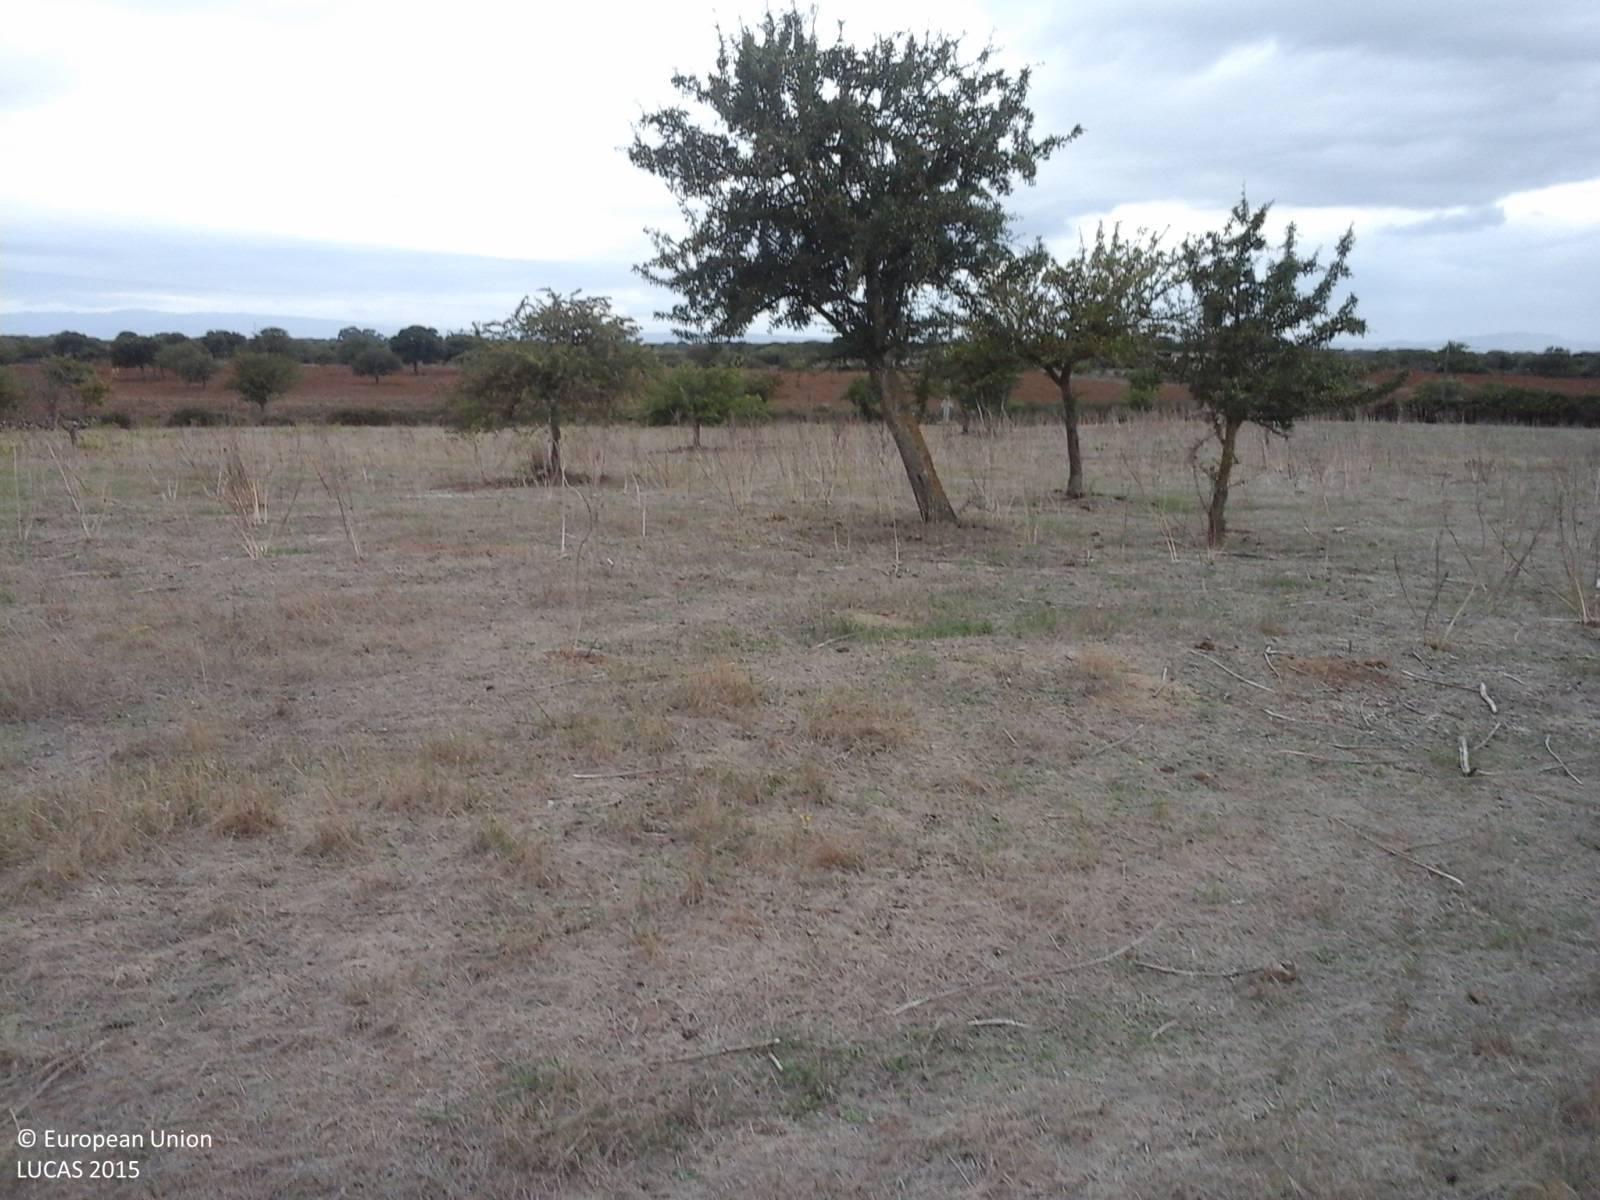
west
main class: Grassland
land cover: Grassland without tree/shrub cover
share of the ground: 50 - 75 %
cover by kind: herbaceous plants 100 %
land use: Agriculture (excluding fallow land and kitchen gardens)
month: September
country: IT
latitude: 40.1886
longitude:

- - -

- Assignment: Would you please write out the entries in full, exactly as they read, but without pictures?

- Your response:
west
main class: Grassland
land cover: Grassland without tree/shrub cover
share of the ground: 50 - 75 %
cover by kind: herbaceous plants 100 %
land use: Agriculture (excluding fallow land and kitchen gardens)
month: September
country: IT
latitude: 40.1886
longitude:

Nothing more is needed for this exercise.